## WHAT YOU SHOULD DO
Restate each entry exactly, without pictures.

THE DATA Block Start

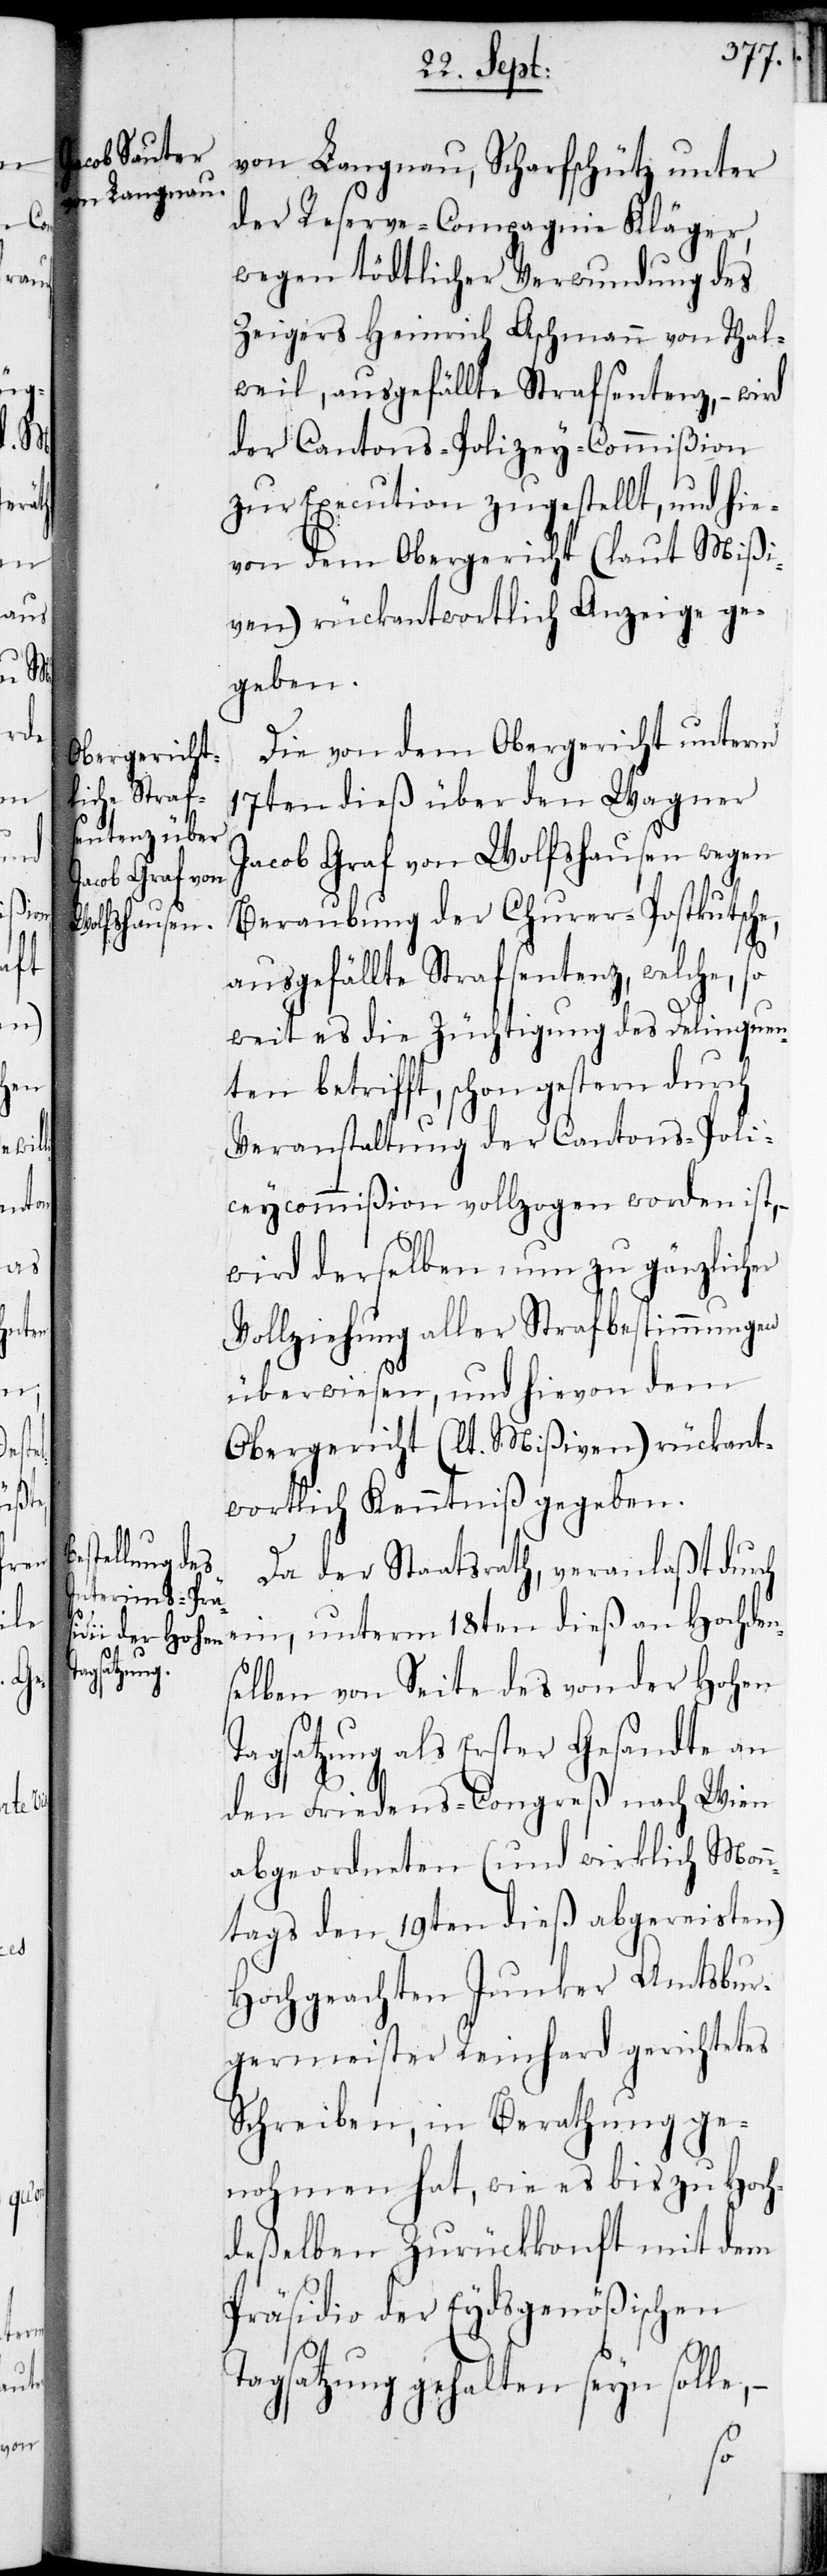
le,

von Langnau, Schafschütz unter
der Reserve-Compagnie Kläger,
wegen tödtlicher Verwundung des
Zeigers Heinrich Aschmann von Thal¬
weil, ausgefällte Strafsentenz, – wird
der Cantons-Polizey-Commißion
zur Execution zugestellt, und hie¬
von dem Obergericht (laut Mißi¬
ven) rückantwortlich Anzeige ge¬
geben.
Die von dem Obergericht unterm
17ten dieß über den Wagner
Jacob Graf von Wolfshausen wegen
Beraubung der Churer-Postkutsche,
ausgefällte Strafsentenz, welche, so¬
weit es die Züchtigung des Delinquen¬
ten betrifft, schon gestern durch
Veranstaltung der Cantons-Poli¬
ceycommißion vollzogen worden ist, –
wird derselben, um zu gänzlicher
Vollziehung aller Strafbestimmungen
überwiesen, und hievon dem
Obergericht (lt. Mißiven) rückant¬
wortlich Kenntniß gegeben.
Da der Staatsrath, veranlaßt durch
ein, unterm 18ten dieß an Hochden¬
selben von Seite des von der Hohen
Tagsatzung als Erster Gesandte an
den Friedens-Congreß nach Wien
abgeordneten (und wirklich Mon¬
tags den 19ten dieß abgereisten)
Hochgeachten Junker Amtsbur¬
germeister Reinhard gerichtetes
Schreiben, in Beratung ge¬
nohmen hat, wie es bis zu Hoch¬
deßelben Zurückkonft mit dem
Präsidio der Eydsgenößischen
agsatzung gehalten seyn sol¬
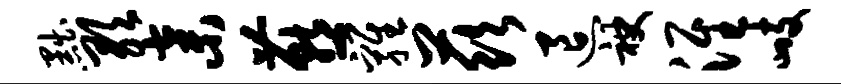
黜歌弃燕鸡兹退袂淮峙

THE DATA Block End

## TASK SOLUTION
le,

von Langnau, Schafschütz unter
der Reserve-Compagnie Kläger,
wegen tödtlicher Verwundung des
Zeigers Heinrich Aschmann von Thal¬
weil, ausgefällte Strafsentenz, – wird
der Cantons-Polizey-Commißion
zur Execution zugestellt, und hie¬
von dem Obergericht (laut Mißi¬
ven) rückantwortlich Anzeige ge¬
geben.
Die von dem Obergericht unterm
17ten dieß über den Wagner
Jacob Graf von Wolfshausen wegen
Beraubung der Churer-Postkutsche,
ausgefällte Strafsentenz, welche, so¬
weit es die Züchtigung des Delinquen¬
ten betrifft, schon gestern durch
Veranstaltung der Cantons-Poli¬
ceycommißion vollzogen worden ist, –
wird derselben, um zu gänzlicher
Vollziehung aller Strafbestimmungen
überwiesen, und hievon dem
Obergericht (lt. Mißiven) rückant¬
wortlich Kenntniß gegeben.
Da der Staatsrath, veranlaßt durch
ein, unterm 18ten dieß an Hochden¬
selben von Seite des von der Hohen
Tagsatzung als Erster Gesandte an
den Friedens-Congreß nach Wien
abgeordneten (und wirklich Mon¬
tags den 19ten dieß abgereisten)
Hochgeachten Junker Amtsbur¬
germeister Reinhard gerichtetes
Schreiben, in Beratung ge¬
nohmen hat, wie es bis zu Hoch¬
deßelben Zurückkonft mit dem
Präsidio der Eydsgenößischen
agsatzung gehalten seyn sol¬
黜歌弃燕鸡兹退袂淮峙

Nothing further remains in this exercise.